═══ DATA IN THIS EXERCISE

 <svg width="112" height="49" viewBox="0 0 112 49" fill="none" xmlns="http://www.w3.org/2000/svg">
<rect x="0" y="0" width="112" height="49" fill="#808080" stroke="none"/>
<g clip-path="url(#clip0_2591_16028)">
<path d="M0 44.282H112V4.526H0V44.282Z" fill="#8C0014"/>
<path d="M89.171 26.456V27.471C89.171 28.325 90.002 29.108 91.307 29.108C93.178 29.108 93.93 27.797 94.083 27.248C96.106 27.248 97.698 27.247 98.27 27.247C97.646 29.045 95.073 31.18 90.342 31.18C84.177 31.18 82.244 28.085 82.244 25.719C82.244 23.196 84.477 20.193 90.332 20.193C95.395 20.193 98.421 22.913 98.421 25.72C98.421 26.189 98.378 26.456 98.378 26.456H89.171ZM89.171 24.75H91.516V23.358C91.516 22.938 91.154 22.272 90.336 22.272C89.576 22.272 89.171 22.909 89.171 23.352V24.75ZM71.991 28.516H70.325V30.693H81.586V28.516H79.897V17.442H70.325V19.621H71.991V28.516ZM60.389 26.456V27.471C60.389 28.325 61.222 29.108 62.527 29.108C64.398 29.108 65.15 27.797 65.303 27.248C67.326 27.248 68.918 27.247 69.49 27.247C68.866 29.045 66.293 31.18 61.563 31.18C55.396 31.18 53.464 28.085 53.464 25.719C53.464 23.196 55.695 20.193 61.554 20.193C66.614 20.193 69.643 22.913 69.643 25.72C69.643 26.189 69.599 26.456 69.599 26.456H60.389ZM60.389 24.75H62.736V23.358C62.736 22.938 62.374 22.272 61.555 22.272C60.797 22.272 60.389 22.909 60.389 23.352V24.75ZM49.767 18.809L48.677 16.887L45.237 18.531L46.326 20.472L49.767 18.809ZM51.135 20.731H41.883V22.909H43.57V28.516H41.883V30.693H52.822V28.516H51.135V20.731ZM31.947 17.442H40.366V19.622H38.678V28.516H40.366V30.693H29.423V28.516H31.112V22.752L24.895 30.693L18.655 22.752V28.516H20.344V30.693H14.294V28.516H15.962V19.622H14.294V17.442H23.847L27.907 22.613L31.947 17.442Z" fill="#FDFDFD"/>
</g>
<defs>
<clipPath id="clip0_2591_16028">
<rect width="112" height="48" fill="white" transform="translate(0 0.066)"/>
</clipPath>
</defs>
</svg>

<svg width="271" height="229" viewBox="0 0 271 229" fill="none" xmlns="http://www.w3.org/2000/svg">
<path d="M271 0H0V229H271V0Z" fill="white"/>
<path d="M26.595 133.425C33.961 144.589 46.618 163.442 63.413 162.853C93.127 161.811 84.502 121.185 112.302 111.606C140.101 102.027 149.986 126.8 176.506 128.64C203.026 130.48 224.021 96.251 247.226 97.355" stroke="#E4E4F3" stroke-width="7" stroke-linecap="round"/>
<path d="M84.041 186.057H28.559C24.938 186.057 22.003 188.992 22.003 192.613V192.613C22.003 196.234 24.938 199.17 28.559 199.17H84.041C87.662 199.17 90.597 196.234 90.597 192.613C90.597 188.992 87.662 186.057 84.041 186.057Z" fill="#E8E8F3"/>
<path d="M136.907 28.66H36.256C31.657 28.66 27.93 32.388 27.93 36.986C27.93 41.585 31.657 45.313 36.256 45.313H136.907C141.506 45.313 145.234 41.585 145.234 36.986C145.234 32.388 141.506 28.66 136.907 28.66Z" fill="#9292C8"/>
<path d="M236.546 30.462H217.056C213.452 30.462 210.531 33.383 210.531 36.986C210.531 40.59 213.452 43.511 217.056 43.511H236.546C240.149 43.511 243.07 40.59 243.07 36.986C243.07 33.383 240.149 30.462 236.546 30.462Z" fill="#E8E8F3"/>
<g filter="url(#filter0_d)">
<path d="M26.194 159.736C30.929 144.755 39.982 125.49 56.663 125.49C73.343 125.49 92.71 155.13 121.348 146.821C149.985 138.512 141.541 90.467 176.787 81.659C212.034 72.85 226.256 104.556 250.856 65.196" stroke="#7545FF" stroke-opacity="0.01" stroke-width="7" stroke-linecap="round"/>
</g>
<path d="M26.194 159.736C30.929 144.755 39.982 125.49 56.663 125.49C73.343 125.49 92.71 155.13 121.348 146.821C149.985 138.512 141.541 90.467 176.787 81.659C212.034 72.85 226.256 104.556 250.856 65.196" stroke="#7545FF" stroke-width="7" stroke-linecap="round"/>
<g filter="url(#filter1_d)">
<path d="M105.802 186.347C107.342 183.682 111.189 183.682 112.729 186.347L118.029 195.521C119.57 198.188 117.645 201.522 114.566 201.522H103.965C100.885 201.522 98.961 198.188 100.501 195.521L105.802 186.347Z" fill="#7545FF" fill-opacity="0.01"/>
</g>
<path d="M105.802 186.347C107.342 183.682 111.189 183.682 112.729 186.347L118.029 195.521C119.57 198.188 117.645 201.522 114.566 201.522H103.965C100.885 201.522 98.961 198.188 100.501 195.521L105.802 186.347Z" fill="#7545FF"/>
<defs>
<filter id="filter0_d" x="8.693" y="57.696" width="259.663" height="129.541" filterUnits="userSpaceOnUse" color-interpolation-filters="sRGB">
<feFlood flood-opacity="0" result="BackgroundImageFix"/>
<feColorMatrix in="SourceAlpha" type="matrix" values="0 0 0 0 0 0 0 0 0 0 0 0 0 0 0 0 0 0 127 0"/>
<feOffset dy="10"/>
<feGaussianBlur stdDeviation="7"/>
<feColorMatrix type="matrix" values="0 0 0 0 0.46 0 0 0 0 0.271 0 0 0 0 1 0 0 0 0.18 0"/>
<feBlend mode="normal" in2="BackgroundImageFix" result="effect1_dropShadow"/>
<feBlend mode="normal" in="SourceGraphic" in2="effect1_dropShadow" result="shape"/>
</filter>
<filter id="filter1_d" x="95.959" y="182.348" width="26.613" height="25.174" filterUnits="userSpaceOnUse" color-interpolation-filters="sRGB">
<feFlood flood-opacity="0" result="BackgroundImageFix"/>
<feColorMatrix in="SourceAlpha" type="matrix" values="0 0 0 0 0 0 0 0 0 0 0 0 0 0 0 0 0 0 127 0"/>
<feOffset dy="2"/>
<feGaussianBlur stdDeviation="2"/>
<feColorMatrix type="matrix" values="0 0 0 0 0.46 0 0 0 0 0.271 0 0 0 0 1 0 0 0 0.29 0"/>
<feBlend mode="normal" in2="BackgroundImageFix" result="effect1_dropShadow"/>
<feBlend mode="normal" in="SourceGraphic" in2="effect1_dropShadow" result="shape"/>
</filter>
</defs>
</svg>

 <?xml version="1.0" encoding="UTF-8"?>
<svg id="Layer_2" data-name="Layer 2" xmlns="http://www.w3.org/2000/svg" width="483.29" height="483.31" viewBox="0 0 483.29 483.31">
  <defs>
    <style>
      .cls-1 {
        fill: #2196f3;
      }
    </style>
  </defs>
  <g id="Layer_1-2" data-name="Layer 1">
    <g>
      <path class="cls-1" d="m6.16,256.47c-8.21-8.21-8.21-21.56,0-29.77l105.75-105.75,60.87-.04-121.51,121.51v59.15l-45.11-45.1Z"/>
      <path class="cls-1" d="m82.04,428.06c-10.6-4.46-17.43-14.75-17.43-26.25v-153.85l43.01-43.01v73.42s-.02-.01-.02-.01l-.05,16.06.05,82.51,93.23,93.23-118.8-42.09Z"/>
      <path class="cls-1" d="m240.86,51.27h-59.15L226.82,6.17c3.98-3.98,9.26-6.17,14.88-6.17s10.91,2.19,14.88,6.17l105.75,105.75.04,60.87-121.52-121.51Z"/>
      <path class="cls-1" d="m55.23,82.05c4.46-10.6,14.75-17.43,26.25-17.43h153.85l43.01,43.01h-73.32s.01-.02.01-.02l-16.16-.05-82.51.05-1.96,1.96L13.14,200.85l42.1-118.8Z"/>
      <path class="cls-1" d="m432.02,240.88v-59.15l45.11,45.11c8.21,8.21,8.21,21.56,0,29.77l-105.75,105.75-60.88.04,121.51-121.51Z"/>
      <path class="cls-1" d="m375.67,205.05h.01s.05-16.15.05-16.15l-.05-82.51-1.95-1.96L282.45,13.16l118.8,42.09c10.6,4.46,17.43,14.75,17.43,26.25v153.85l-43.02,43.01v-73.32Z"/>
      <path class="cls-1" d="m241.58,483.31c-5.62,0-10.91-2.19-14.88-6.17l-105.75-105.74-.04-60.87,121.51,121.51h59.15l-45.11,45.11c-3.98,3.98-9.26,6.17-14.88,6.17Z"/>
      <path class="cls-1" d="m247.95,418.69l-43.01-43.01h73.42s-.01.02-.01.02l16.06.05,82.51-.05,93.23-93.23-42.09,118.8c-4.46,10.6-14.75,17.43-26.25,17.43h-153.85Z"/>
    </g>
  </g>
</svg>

══════

> WORK INSTRUCTION: From the data above, give the number of lines that hold "rect", without anything else.

> RESPONSE BOX: 2